## [PROMPT]
Each entry must be copied exactly, without omission.

## [SUPPLIED RECORDS]
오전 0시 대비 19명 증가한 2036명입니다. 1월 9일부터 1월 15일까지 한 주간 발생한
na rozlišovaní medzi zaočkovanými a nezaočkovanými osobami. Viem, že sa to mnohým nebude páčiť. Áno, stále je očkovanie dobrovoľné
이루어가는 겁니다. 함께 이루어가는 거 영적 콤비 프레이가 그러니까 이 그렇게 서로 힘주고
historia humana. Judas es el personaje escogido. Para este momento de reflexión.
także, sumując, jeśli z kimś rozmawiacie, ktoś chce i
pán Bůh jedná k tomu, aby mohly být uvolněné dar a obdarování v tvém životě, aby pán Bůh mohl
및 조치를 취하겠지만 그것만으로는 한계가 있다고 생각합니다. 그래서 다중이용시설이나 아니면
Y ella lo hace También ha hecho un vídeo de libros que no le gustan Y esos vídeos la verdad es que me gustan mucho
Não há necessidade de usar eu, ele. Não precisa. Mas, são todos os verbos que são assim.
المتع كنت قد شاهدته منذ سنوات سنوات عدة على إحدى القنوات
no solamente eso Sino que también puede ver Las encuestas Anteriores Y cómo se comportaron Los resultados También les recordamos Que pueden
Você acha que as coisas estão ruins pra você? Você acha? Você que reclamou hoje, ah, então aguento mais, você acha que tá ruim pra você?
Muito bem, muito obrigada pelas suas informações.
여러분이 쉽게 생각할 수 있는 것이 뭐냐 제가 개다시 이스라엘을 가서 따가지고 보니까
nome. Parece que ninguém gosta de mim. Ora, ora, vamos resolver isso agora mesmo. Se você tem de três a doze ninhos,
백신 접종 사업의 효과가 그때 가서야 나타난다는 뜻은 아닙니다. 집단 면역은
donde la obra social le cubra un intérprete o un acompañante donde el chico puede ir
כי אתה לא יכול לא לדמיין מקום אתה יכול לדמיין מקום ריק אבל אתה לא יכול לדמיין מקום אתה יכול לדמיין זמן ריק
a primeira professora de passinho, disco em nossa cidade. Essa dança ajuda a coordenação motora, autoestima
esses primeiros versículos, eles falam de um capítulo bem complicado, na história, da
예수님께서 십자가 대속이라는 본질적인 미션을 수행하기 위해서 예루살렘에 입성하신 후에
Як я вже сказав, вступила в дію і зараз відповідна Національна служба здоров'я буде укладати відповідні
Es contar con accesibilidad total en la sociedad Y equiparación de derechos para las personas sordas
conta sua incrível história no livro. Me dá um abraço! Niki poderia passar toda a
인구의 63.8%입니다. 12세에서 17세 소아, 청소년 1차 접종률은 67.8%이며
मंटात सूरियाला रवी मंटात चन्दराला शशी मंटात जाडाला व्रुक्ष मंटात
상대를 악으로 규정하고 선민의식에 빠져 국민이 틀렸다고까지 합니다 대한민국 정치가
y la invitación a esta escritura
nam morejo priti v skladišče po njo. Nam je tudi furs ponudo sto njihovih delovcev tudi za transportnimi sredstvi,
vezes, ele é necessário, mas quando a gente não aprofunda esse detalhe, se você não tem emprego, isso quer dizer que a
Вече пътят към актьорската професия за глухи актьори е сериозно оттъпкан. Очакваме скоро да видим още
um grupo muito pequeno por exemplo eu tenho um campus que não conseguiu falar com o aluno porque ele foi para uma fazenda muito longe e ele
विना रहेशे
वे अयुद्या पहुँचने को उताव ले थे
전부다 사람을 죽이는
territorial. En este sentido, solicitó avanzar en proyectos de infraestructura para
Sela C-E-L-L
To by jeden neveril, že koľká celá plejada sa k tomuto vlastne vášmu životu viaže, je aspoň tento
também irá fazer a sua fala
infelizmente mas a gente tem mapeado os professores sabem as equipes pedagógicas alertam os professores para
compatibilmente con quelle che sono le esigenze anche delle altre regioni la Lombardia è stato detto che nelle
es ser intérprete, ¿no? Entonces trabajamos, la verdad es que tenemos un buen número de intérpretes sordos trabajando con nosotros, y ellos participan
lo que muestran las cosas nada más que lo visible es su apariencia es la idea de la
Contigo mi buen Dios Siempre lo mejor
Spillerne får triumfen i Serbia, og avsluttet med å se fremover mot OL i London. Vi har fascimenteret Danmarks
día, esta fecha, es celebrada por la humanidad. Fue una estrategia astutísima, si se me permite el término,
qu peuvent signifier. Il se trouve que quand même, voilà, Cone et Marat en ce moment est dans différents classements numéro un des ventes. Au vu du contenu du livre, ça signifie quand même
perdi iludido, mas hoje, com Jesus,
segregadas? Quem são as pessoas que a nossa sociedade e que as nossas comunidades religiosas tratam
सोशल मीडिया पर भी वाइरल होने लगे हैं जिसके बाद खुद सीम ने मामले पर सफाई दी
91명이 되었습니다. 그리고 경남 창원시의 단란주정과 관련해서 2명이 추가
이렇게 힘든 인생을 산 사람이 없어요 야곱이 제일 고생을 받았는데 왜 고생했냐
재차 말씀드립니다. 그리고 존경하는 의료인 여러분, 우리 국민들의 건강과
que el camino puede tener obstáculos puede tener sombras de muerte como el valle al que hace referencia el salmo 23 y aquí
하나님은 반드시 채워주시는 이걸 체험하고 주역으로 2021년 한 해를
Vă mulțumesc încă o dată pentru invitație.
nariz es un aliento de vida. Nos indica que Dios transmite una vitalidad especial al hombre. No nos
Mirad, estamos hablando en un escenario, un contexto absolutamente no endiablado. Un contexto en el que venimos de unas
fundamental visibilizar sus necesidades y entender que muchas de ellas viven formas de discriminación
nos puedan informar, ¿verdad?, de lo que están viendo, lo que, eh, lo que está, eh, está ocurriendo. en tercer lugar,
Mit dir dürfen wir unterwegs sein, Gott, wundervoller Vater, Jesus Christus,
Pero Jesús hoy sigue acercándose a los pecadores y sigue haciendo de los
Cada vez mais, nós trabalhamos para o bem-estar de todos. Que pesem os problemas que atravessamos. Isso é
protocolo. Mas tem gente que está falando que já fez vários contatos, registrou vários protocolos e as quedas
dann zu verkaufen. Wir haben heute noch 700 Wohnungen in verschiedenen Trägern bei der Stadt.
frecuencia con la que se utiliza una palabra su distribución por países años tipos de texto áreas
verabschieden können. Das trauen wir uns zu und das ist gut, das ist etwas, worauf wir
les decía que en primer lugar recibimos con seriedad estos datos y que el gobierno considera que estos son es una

## [RESPONSE BELOW]
오전 0시 대비 19명 증가한 2036명입니다. 1월 9일부터 1월 15일까지 한 주간 발생한
na rozlišovaní medzi zaočkovanými a nezaočkovanými osobami. Viem, že sa to mnohým nebude páčiť. Áno, stále je očkovanie dobrovoľné
이루어가는 겁니다. 함께 이루어가는 거 영적 콤비 프레이가 그러니까 이 그렇게 서로 힘주고
historia humana. Judas es el personaje escogido. Para este momento de reflexión.
także, sumując, jeśli z kimś rozmawiacie, ktoś chce i
pán Bůh jedná k tomu, aby mohly být uvolněné dar a obdarování v tvém životě, aby pán Bůh mohl
및 조치를 취하겠지만 그것만으로는 한계가 있다고 생각합니다. 그래서 다중이용시설이나 아니면
Y ella lo hace También ha hecho un vídeo de libros que no le gustan Y esos vídeos la verdad es que me gustan mucho
Não há necessidade de usar eu, ele. Não precisa. Mas, são todos os verbos que são assim.
المتع كنت قد شاهدته منذ سنوات سنوات عدة على إحدى القنوات
no solamente eso Sino que también puede ver Las encuestas Anteriores Y cómo se comportaron Los resultados También les recordamos Que pueden
Você acha que as coisas estão ruins pra você? Você acha? Você que reclamou hoje, ah, então aguento mais, você acha que tá ruim pra você?
Muito bem, muito obrigada pelas suas informações.
여러분이 쉽게 생각할 수 있는 것이 뭐냐 제가 개다시 이스라엘을 가서 따가지고 보니까
nome. Parece que ninguém gosta de mim. Ora, ora, vamos resolver isso agora mesmo. Se você tem de três a doze ninhos,
백신 접종 사업의 효과가 그때 가서야 나타난다는 뜻은 아닙니다. 집단 면역은
donde la obra social le cubra un intérprete o un acompañante donde el chico puede ir
כי אתה לא יכול לא לדמיין מקום אתה יכול לדמיין מקום ריק אבל אתה לא יכול לדמיין מקום אתה יכול לדמיין זמן ריק
a primeira professora de passinho, disco em nossa cidade. Essa dança ajuda a coordenação motora, autoestima
esses primeiros versículos, eles falam de um capítulo bem complicado, na história, da
예수님께서 십자가 대속이라는 본질적인 미션을 수행하기 위해서 예루살렘에 입성하신 후에
Як я вже сказав, вступила в дію і зараз відповідна Національна служба здоров'я буде укладати відповідні
Es contar con accesibilidad total en la sociedad Y equiparación de derechos para las personas sordas
conta sua incrível história no livro. Me dá um abraço! Niki poderia passar toda a
인구의 63.8%입니다. 12세에서 17세 소아, 청소년 1차 접종률은 67.8%이며
मंटात सूरियाला रवी मंटात चन्दराला शशी मंटात जाडाला व्रुक्ष मंटात
상대를 악으로 규정하고 선민의식에 빠져 국민이 틀렸다고까지 합니다 대한민국 정치가
y la invitación a esta escritura
nam morejo priti v skladišče po njo. Nam je tudi furs ponudo sto njihovih delovcev tudi za transportnimi sredstvi,
vezes, ele é necessário, mas quando a gente não aprofunda esse detalhe, se você não tem emprego, isso quer dizer que a
Вече пътят към актьорската професия за глухи актьори е сериозно оттъпкан. Очакваме скоро да видим още
um grupo muito pequeno por exemplo eu tenho um campus que não conseguiu falar com o aluno porque ele foi para uma fazenda muito longe e ele
विना रहेशे
वे अयुद्या पहुँचने को उताव ले थे
전부다 사람을 죽이는
territorial. En este sentido, solicitó avanzar en proyectos de infraestructura para
Sela C-E-L-L
To by jeden neveril, že koľká celá plejada sa k tomuto vlastne vášmu životu viaže, je aspoň tento
também irá fazer a sua fala
infelizmente mas a gente tem mapeado os professores sabem as equipes pedagógicas alertam os professores para
compatibilmente con quelle che sono le esigenze anche delle altre regioni la Lombardia è stato detto che nelle
es ser intérprete, ¿no? Entonces trabajamos, la verdad es que tenemos un buen número de intérpretes sordos trabajando con nosotros, y ellos participan
lo que muestran las cosas nada más que lo visible es su apariencia es la idea de la
Contigo mi buen Dios Siempre lo mejor
Spillerne får triumfen i Serbia, og avsluttet med å se fremover mot OL i London. Vi har fascimenteret Danmarks
día, esta fecha, es celebrada por la humanidad. Fue una estrategia astutísima, si se me permite el término,
qu peuvent signifier. Il se trouve que quand même, voilà, Cone et Marat en ce moment est dans différents classements numéro un des ventes. Au vu du contenu du livre, ça signifie quand même
perdi iludido, mas hoje, com Jesus,
segregadas? Quem são as pessoas que a nossa sociedade e que as nossas comunidades religiosas tratam
सोशल मीडिया पर भी वाइरल होने लगे हैं जिसके बाद खुद सीम ने मामले पर सफाई दी
91명이 되었습니다. 그리고 경남 창원시의 단란주정과 관련해서 2명이 추가
이렇게 힘든 인생을 산 사람이 없어요 야곱이 제일 고생을 받았는데 왜 고생했냐
재차 말씀드립니다. 그리고 존경하는 의료인 여러분, 우리 국민들의 건강과
que el camino puede tener obstáculos puede tener sombras de muerte como el valle al que hace referencia el salmo 23 y aquí
하나님은 반드시 채워주시는 이걸 체험하고 주역으로 2021년 한 해를
Vă mulțumesc încă o dată pentru invitație.
nariz es un aliento de vida. Nos indica que Dios transmite una vitalidad especial al hombre. No nos
Mirad, estamos hablando en un escenario, un contexto absolutamente no endiablado. Un contexto en el que venimos de unas
fundamental visibilizar sus necesidades y entender que muchas de ellas viven formas de discriminación
nos puedan informar, ¿verdad?, de lo que están viendo, lo que, eh, lo que está, eh, está ocurriendo. en tercer lugar,
Mit dir dürfen wir unterwegs sein, Gott, wundervoller Vater, Jesus Christus,
Pero Jesús hoy sigue acercándose a los pecadores y sigue haciendo de los
Cada vez mais, nós trabalhamos para o bem-estar de todos. Que pesem os problemas que atravessamos. Isso é
protocolo. Mas tem gente que está falando que já fez vários contatos, registrou vários protocolos e as quedas
dann zu verkaufen. Wir haben heute noch 700 Wohnungen in verschiedenen Trägern bei der Stadt.
frecuencia con la que se utiliza una palabra su distribución por países años tipos de texto áreas
verabschieden können. Das trauen wir uns zu und das ist gut, das ist etwas, worauf wir
les decía que en primer lugar recibimos con seriedad estos datos y que el gobierno considera que estos son es una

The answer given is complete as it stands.